How to calculate worker compensation for Amazon Mechanical Turk

tl;dr: When calculating the average time it takes to complete a HIT, it may be more appropriate to use the geometric mean or the median instead of the arithmetic mean. You may otherwise spend considerably more money than necessary (in our case 50% more).

We usually try to set the reward for a HIT such that participants earn $6 per hour on average, which last time we checked was the recommended amount for academic research studies on Mechanical Turk. (Update: More recently the consensus seems to be that turkers should be payed at least the federal minimum wage, which is $7.25 at the time of writing.) However, some participants take an unusually long time to complete assignments (perhaps they were interrupted?) and that has unintended consequences for the calculation of the compensation payed to workers. Effectively, these participants make it appear as if we were paying less per hour than we actually do. Below I will shed some light on this issue using data from a recent study run by our lab.

Overall, 1122 workers participated in the experiment and each worker participated only once. The task was simple: Participants had to read a short passage of text (three sentences) and answer two easy questions about that passage. This was followed by a demographics questionnaire with nine items most of which were simple yes/no questions (“Are you a citizen of the United States?”). The whole thing could be finished in two to four minutes. However, we set the maximum time for submission to 60 minutes so that workers wouldn’t feel rushed.

The average completion time as shown by MTurk was 3 minutes and 46 seconds, not too far off from what we would expect for this task. But let’s have a closer look at the completion times:

The plot shows how completion times are distributed in the data set. We see that the vast majority of workers finished in under eight minutes.

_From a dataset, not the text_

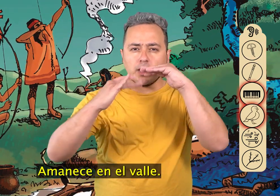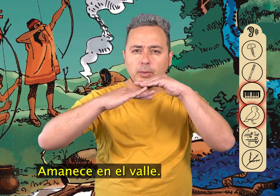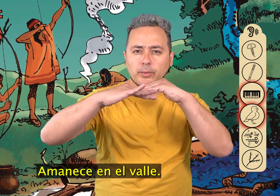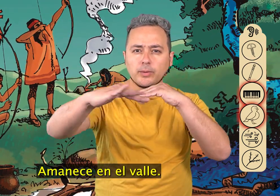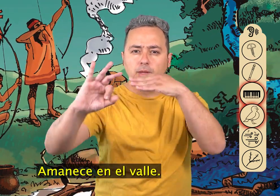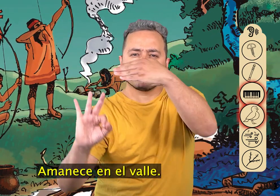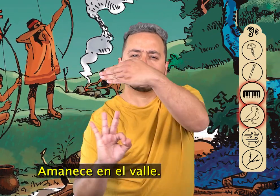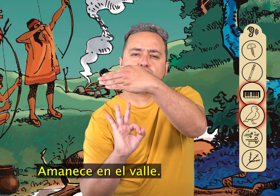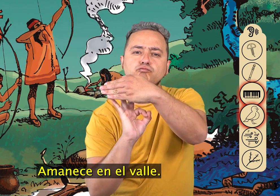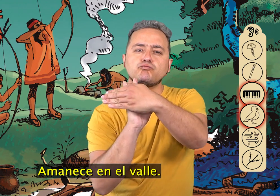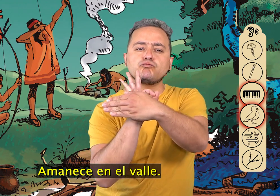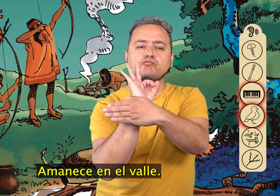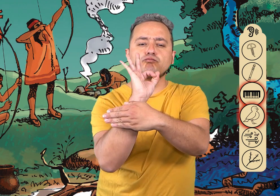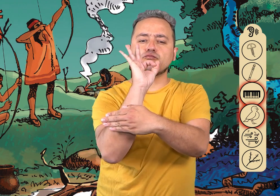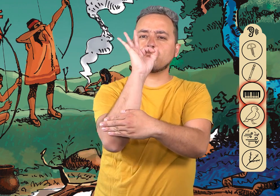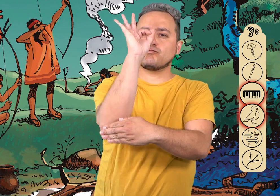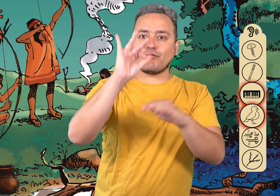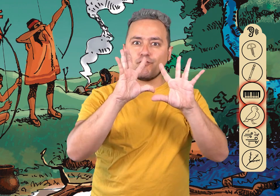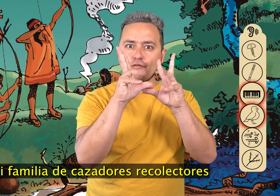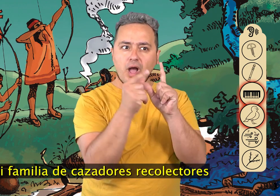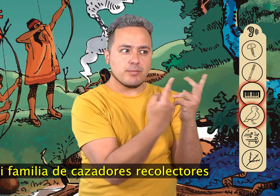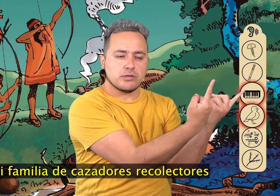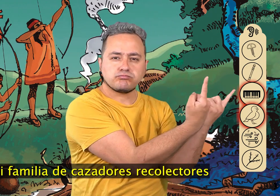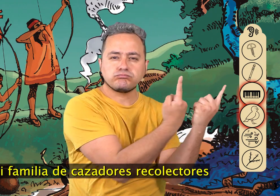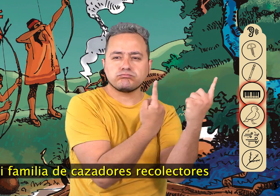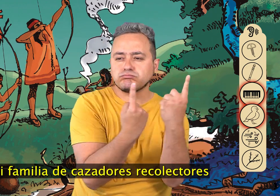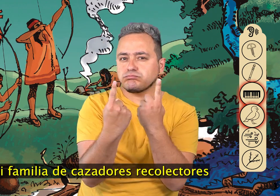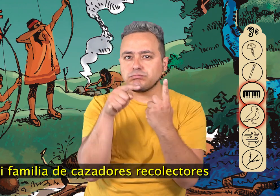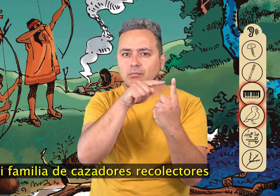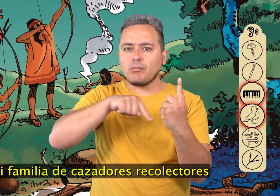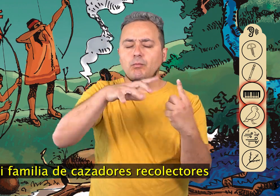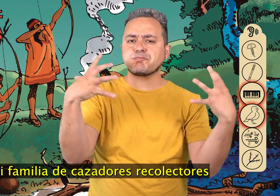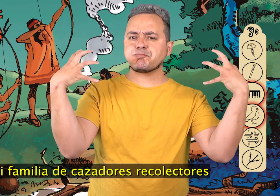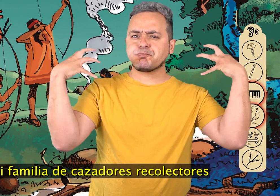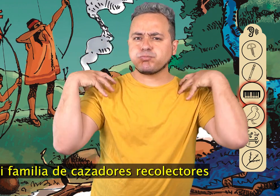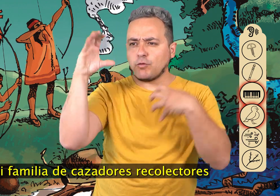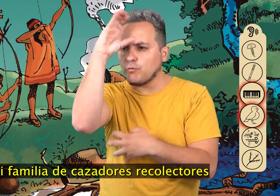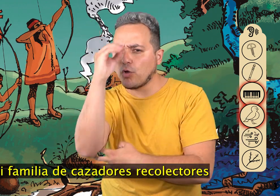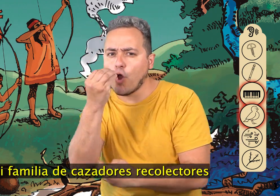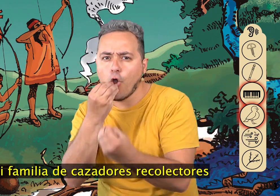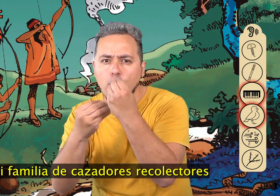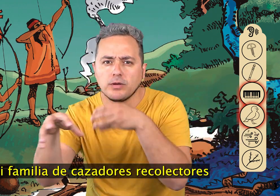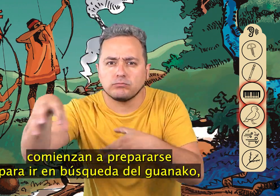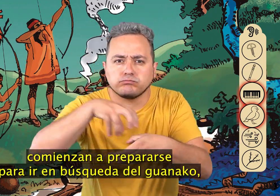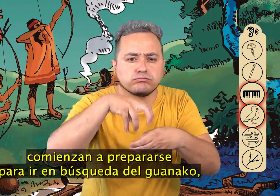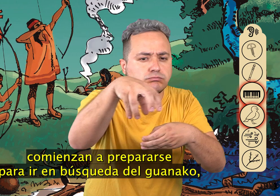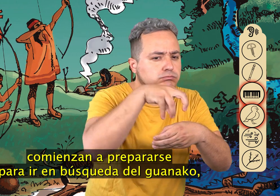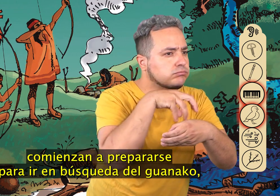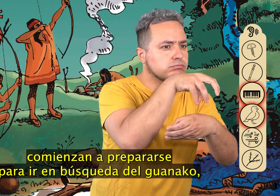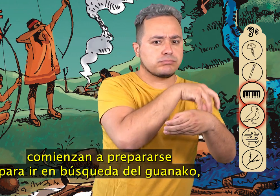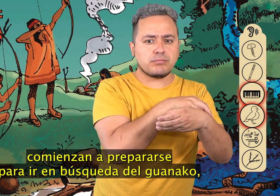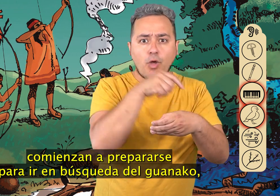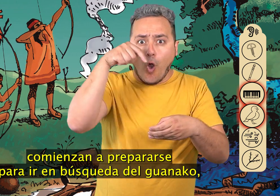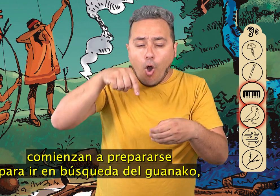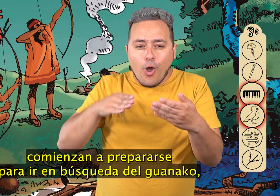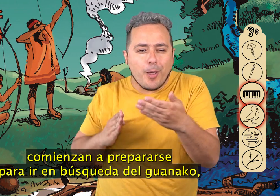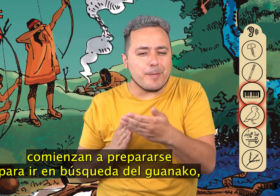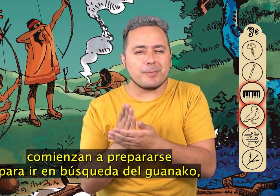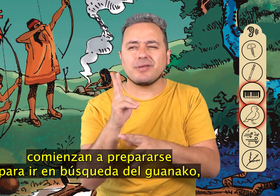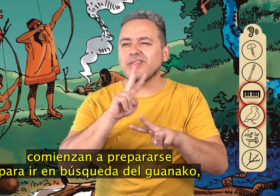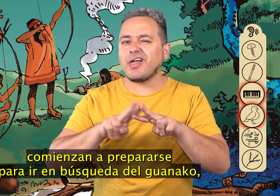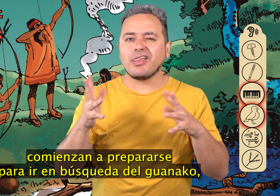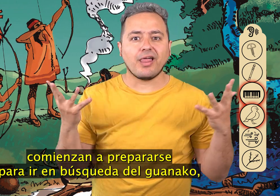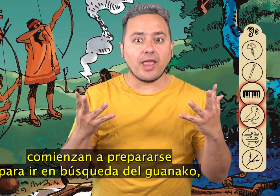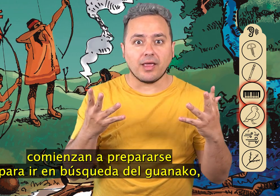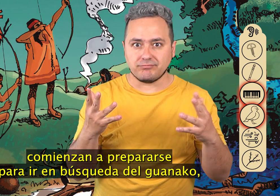Amanece en el valle. Mi familia de cazadores-recolectores comienzan a prepararse para

However, there was also a smaller number of workers (about 6.5%) who took considerably longer, up to 50 minutes. For these participants the payment per hour is of course very low, but that’s not because we offered too little money, it’s because these participants did something else during that time.

To show the effect of these very slow workers, we calculate the average completion time again but this time only for workers who needed less than 8 minutes to finish. Given how simple the task was, eight minutes should easily be enough. The average time for workers who took less than 8 minutes was 2 minutes and 33 seconds. That’s 1 minute and 13 seconds faster than what we’ve got when we included very slow workers. This may not seem like a big difference, but it means that normal workers took only 68% of the time that we calculated based on the complete set of workers. A consequence is that normal workers actually made $9 per hour instead of the $6 we were aiming for. (Whether $6 or $9 per hour are appropriate is an independent question. Here we focus on the calculation of compensation.)

These numbers suggest that the average completion time across all participants as shown in the MTurk interface is actually misleading. One fix for that is to base the calculation of the compensation not on the arithmetic mean of the completion times but on the geometric mean. The geometric mean is often more appropriate when the scale has a lower bound as is the case with completion times.¹ Effectively, the geometric mean deemphasizes outliers and gives us an average completion time that is more representative of normal workers. In the present case, the geometric mean across all workers is 2 minutes and 21 seconds, which seems reasonable based on the numbers we've seen above: 2:21 is right were the peak is in the plot above. An alternative to the geometric mean is to use the median of the completion times, which is 2:20 in the present case.²

One caveat: Whether the geometric mean or the arithmetic mean is more appropriate depends on whether or not there are outliers. If the maximal time for submission is low, there can't be any extremely long completion times because those assignments would simply time out and not show up in the record. In that case, the arithmetic mean may be more appropriate. However, it's not advisable to set the maximal submission time too low because that may prevent some workers from submitting their results and getting compensated.

Footnotes:

For the present purpose, the best way to think about the geometric mean is as the arithmetic mean of the logarithmized completion times back-transformed to the original time scale. In R, we would calculate exp(mean(log(x))).
The median is a value that is bigger than the lower half of the values and smaller than the bigger half.